Karaaslan contends the District should be estopped from relying on the statute of limitations because it misled him to believe the rejection notice was a mere formality not designed to impede further negotiation or to trigger the limitations period. As we explain, however, the statutes and case law governing public entity tort claims clearly establish that an agency may continue to negotiate the settlement of a claim after rejecting it, and doing so does not toll the statute of limitations. Because this authority was not a hidden fact, but instead controlling law equally available to both parties, estoppel does not apply. Karaaslan's claim that the District waived the limitations period similarly fails. We therefore affirm the trial court's order denying Karaaslan leave to file his lawsuit after the statute of limitations expired.
I
FACTS AND PROCEDURAL HISTORY
The relevant facts are undisputed. In mid-November 2014, a car operated by a District employee rear-ended Karaaslan's vehicle at an intersection in Newport Beach. Karaaslan suffered unspecified injuries in the accident, which totaled his 2001 Ford Crown Victoria sedan.
On December 17, 2014, Karaaslan's attorney timely filed with the District notice of his damages claim arising from the accident. (§§ 910, 911.2.) The District formally rejected the claim and mailed Karaaslan a notice of rejection on January 23, 2015. The notice informed Karaaslan his claim "was rejected on January 23, 2015" and included the requisite statutory warning (§ 913) concerning the statute of limitations on filing a lawsuit: "Subject to certain exceptions, you have only six (6) months from the date this notice was personally delivered or deposited in the mail to file a State Court Action on this claim. See California Government Code § 945.6."
The District included with its rejection notice a letter from its Chief Financial Officer, Andrew Hamilton, stating that as a public agency, the District follows a formal claim procedure that requires certain legal notifications to the claimant. The letter further stated that the District forwarded Karaaslan's claim to its insurance carrier for processing and that the insurance carrier could not process the claim until the District "formally rejected the claim at its level." Hamilton described the enclosed rejection letter "as a formality to meet the legal requirement" and explained it was "not a ruling on the validity of the claim," but "merely a process for referring the claim to [the] insurance carrier."

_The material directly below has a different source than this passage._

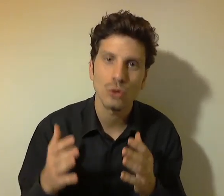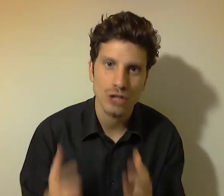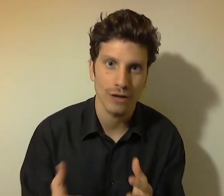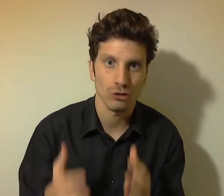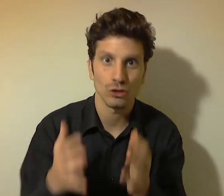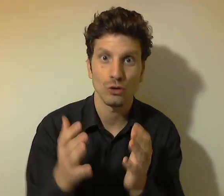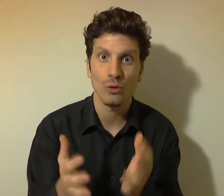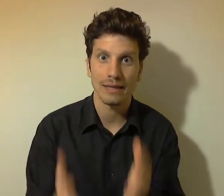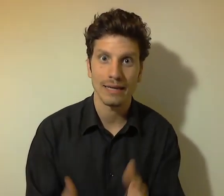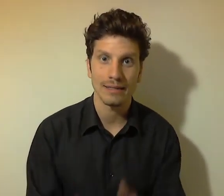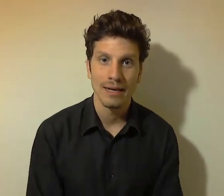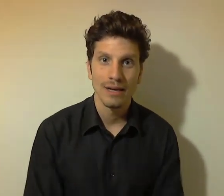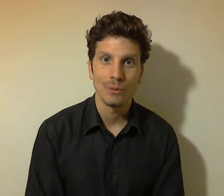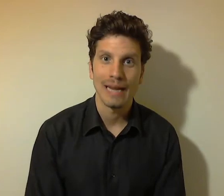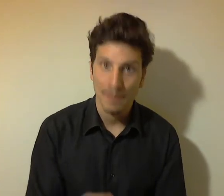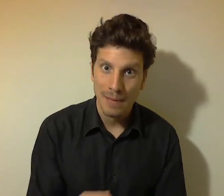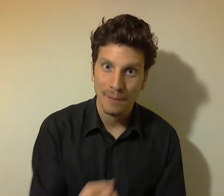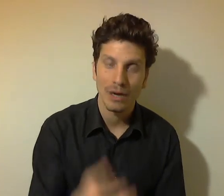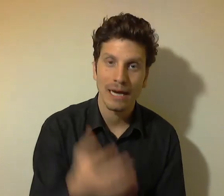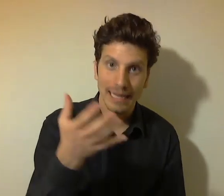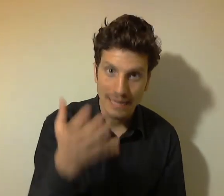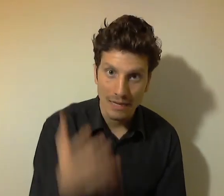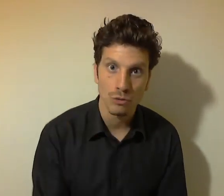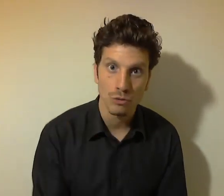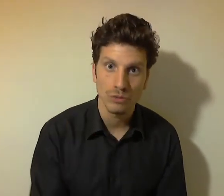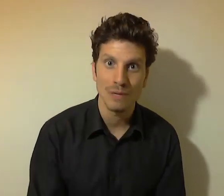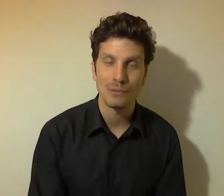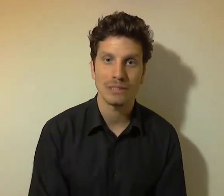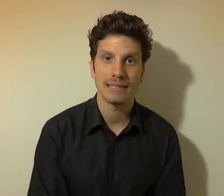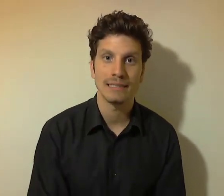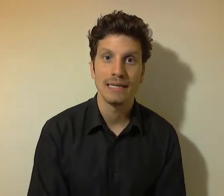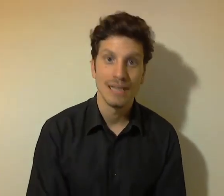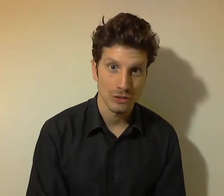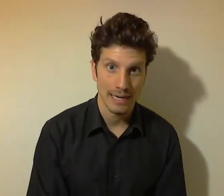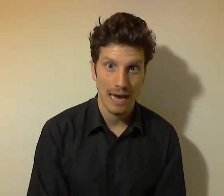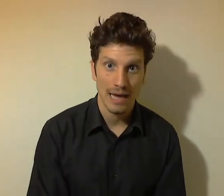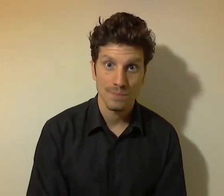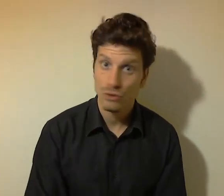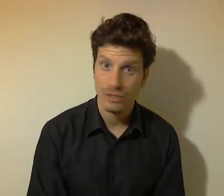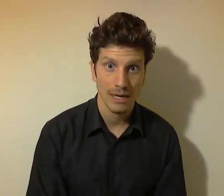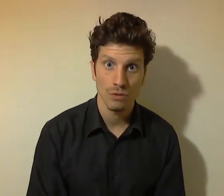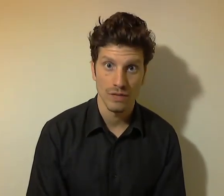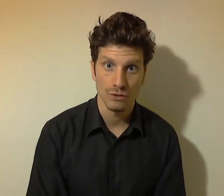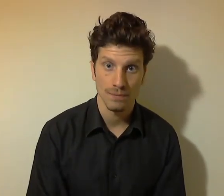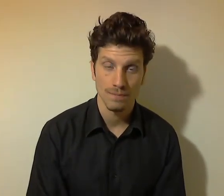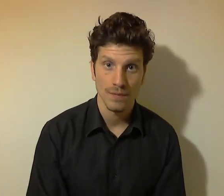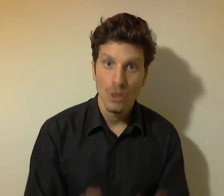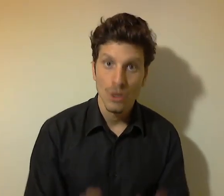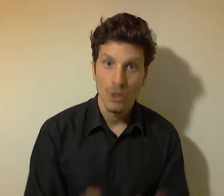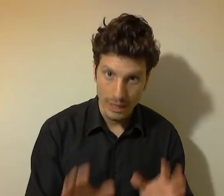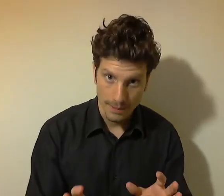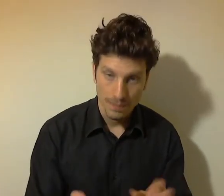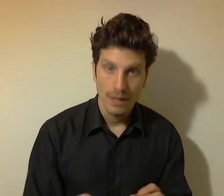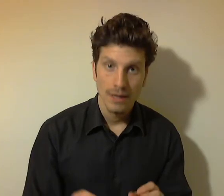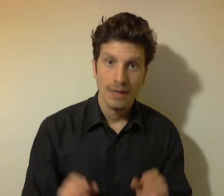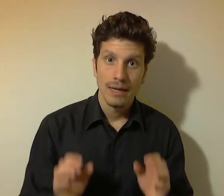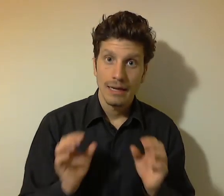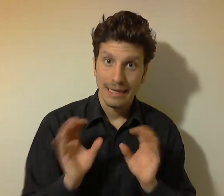certo e sono qui a darti, come dire, la mia parola che dei frutti importanti li ho otterrai, sono straconvinto. Quindi, la
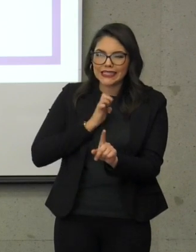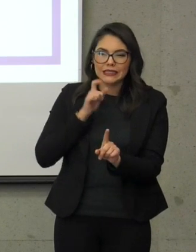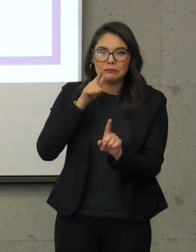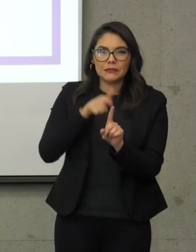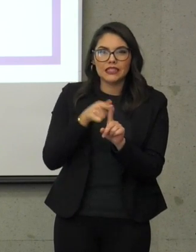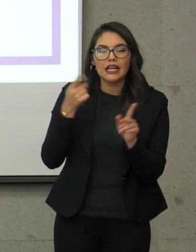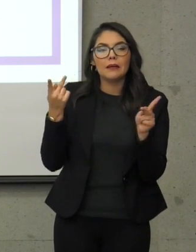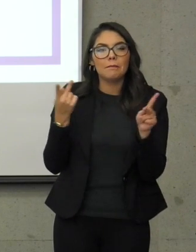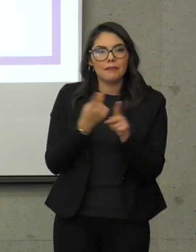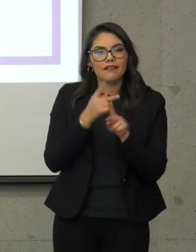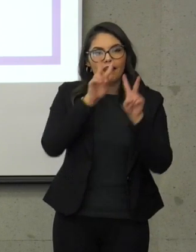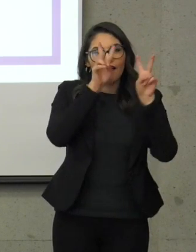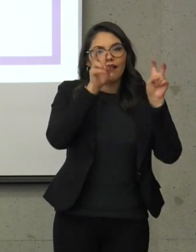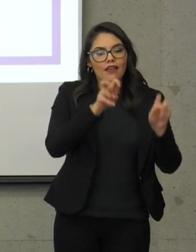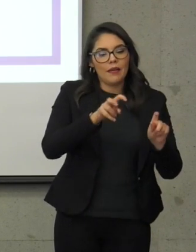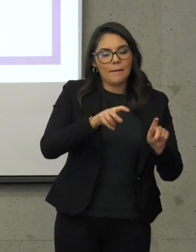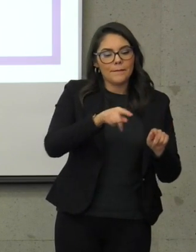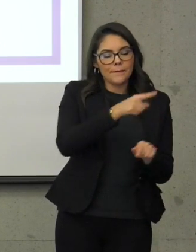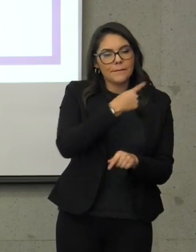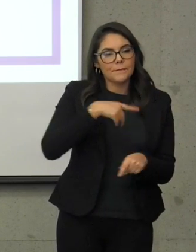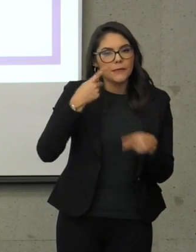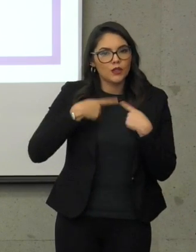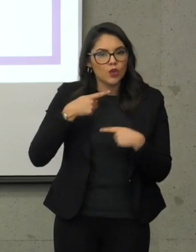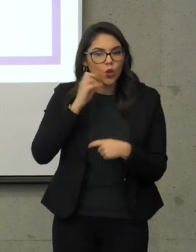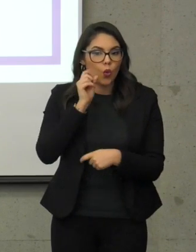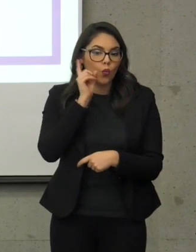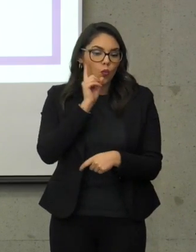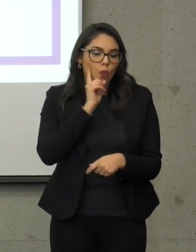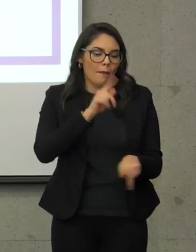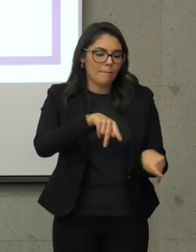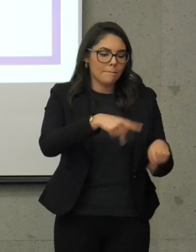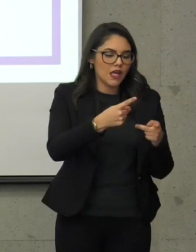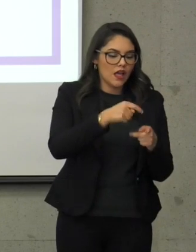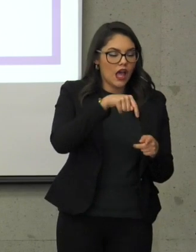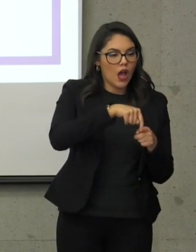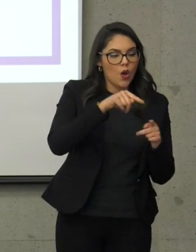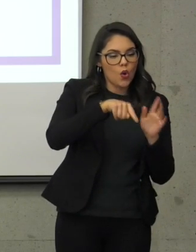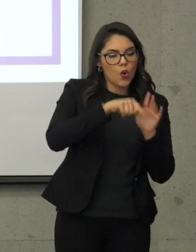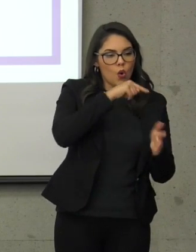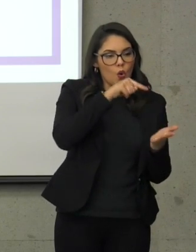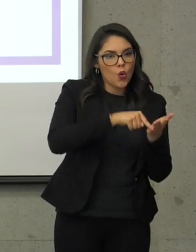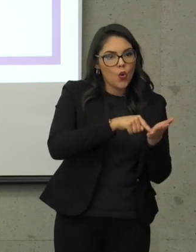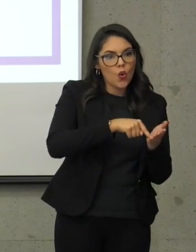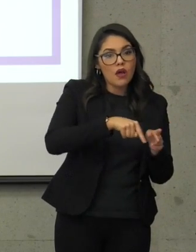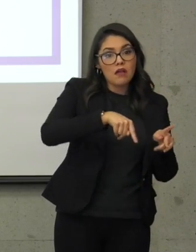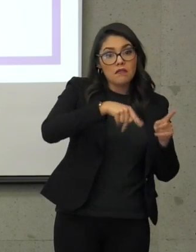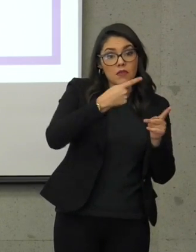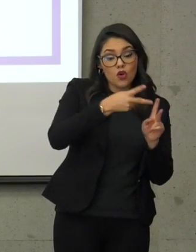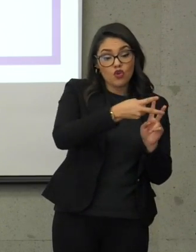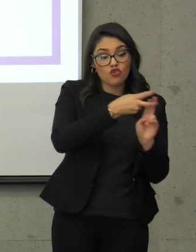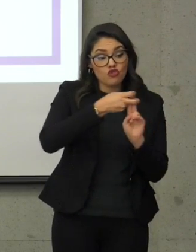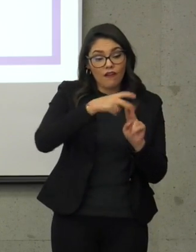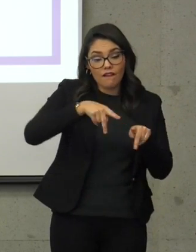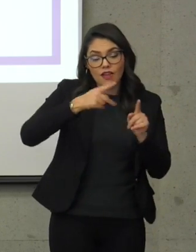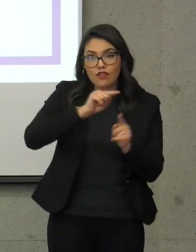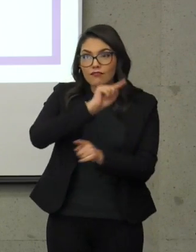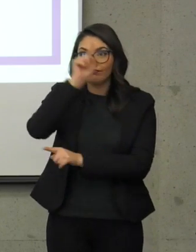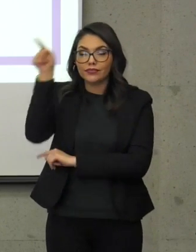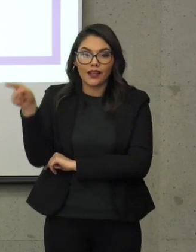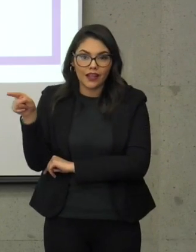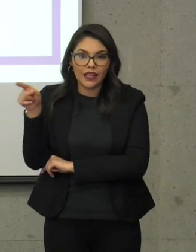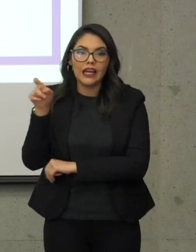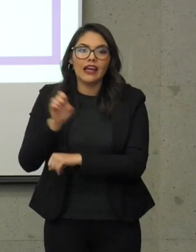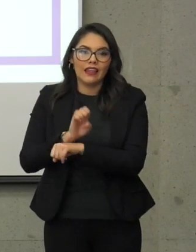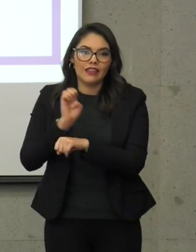con trata de explosión hacia jóvenes y hacia adolescentes por esa zona. Y entonces,

On May 1, 2015, the District's insurance carrier sent Karaaslan a check for $6,361 to settle his property damage and loss of use claims. On the same date, the insurance carrier requested any applicable medical bills and reports "so proper consideration can be made as to the injury damages."
Karaaslan also references an earlier letter from the insurer on February 17, 2015, stating it "ha[d] not denied considering payment" for loss of use of Karaaslan's vehicle. This letter is not in the record, but Karaaslan's appellate brief concedes the carrier's $6,361 payment included compensation for loss of use in addition to property damage.
Over six months later and almost 10 months from the date of the District's January 23rd notice rejecting Karaaslan's claim, Karaaslan's attorney on November 17, 2015, sent the District's insurance carrier a $28,000 payment demand to compensate Karaaslan for pain and suffering and the medical expenses he incurred. The insurer rejected the claim, citing the six-month limitations period noted in the District's rejection notice, commencing on the date of the notice, January 23, 2015.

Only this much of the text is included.